Extracted records:
⟨

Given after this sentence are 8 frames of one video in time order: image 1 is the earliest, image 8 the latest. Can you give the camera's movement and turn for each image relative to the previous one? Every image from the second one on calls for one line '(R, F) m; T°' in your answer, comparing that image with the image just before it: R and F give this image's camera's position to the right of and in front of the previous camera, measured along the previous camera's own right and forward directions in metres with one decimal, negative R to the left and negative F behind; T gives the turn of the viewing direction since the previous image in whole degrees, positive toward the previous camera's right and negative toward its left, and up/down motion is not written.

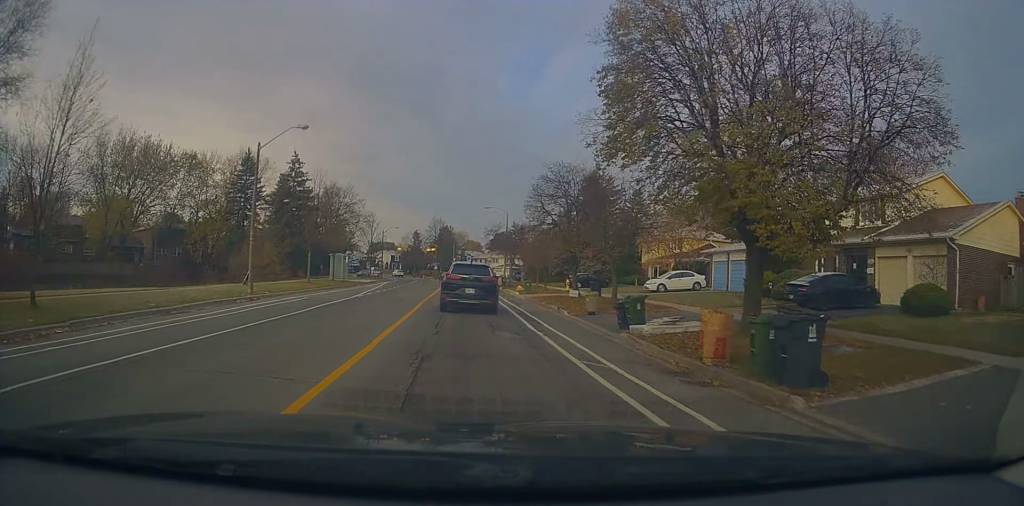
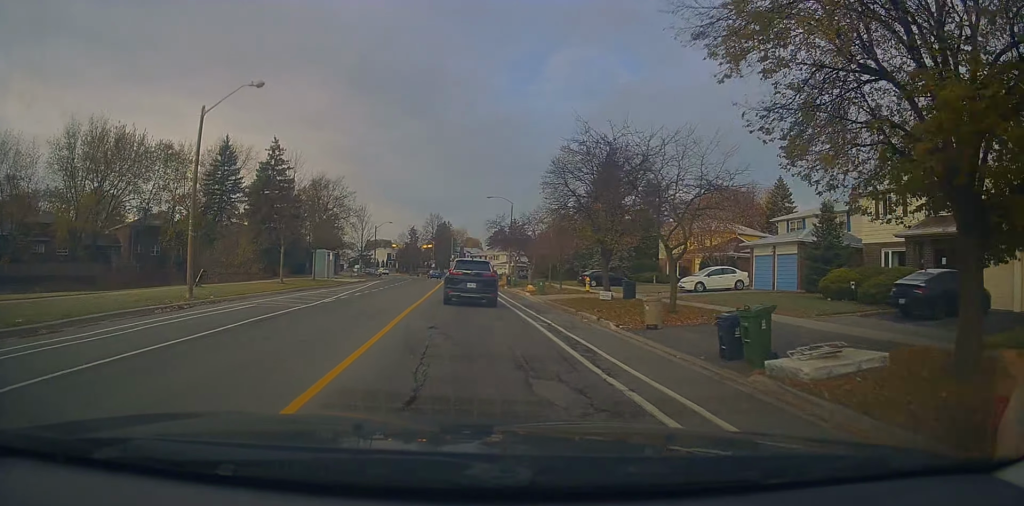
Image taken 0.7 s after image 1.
(+0.1, +6.2) m; +1°
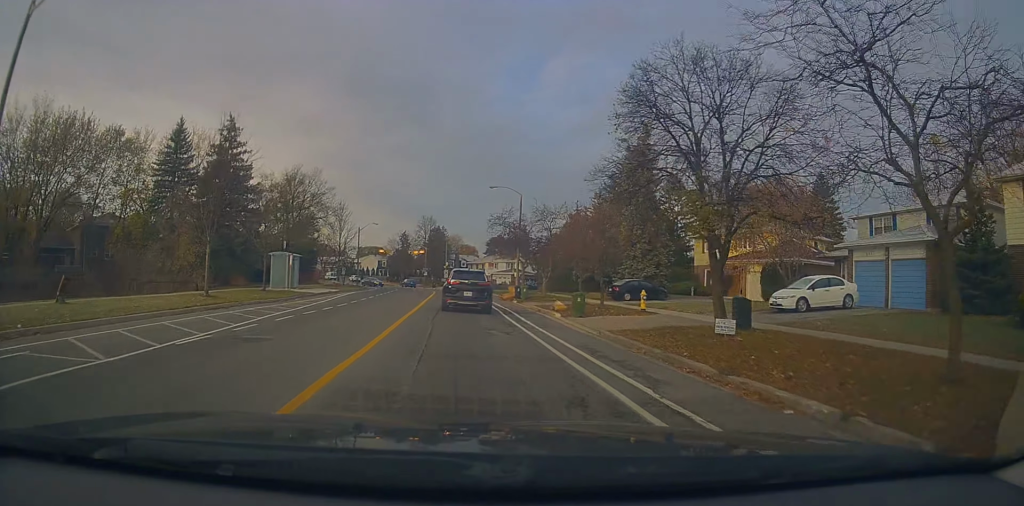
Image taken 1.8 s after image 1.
(+0.1, +10.3) m; +1°
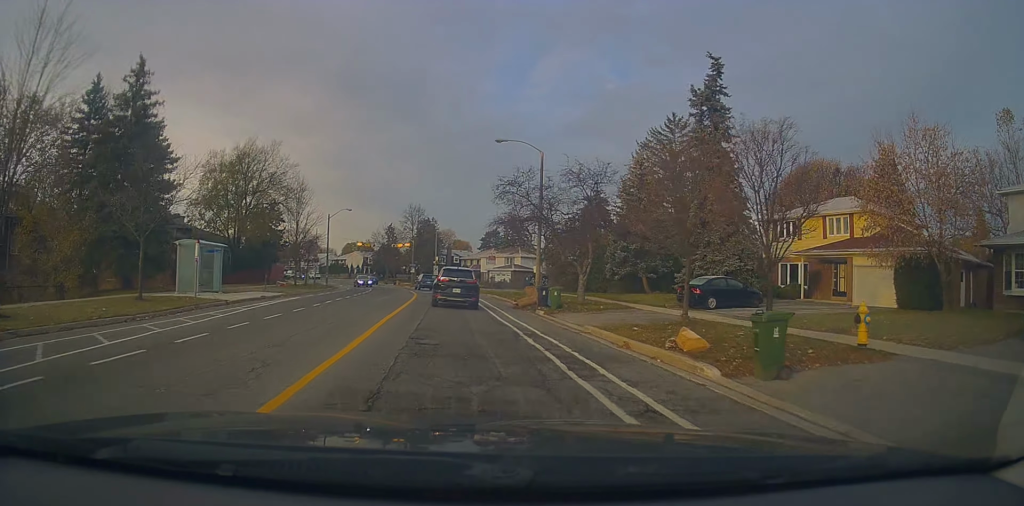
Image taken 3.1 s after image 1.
(0.0, +12.8) m; -1°
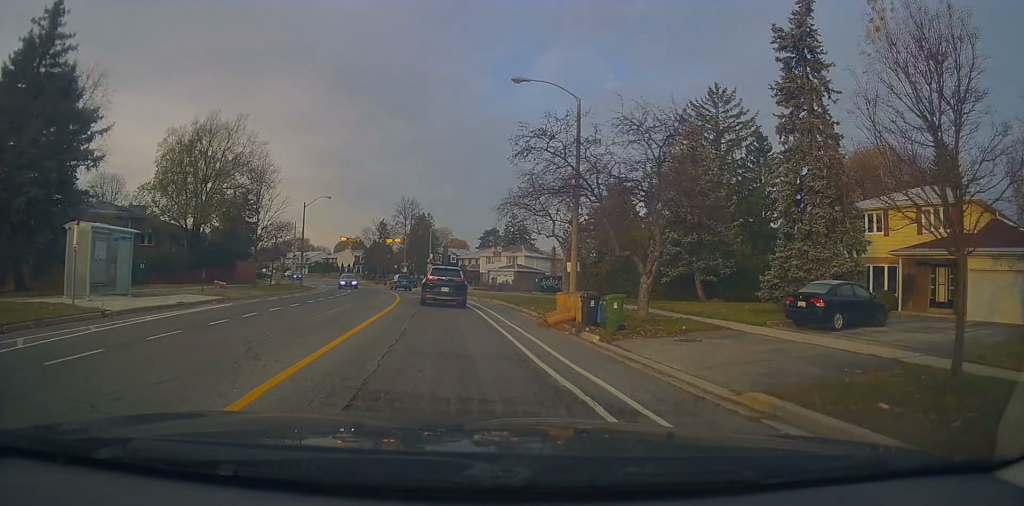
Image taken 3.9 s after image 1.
(-0.1, +8.5) m; +1°
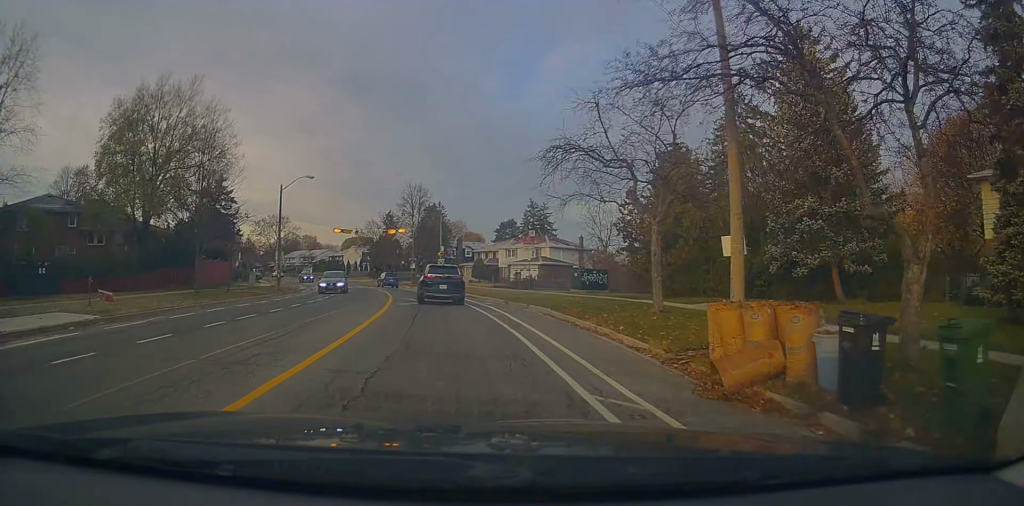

⟩

Your copy should hold every entry exactly as written, but none of the pictures.

Answer box:
Given after this sentence are 8 frames of one video in time order: image 1 is the earliest, image 8 the latest. Can you give the camera's movement and turn for each image relative to the previous one? Every image from the second one on calls for one line '(R, F) m; T°' in your answer, comparing that image with the image just before it: R and F give this image's camera's position to the right of and in front of the previous camera, measured along the previous camera's own right and forward directions in metres with one decimal, negative R to the left and negative F behind; T gives the turn of the viewing direction since the previous image in whole degrees, positive toward the previous camera's right and negative toward its left, and up/down motion is not written.

Image taken 0.7 s after image 1.
(+0.1, +6.2) m; +1°
Image taken 1.8 s after image 1.
(+0.1, +10.3) m; +1°
Image taken 3.1 s after image 1.
(0.0, +12.8) m; -1°
Image taken 3.9 s after image 1.
(-0.1, +8.5) m; +1°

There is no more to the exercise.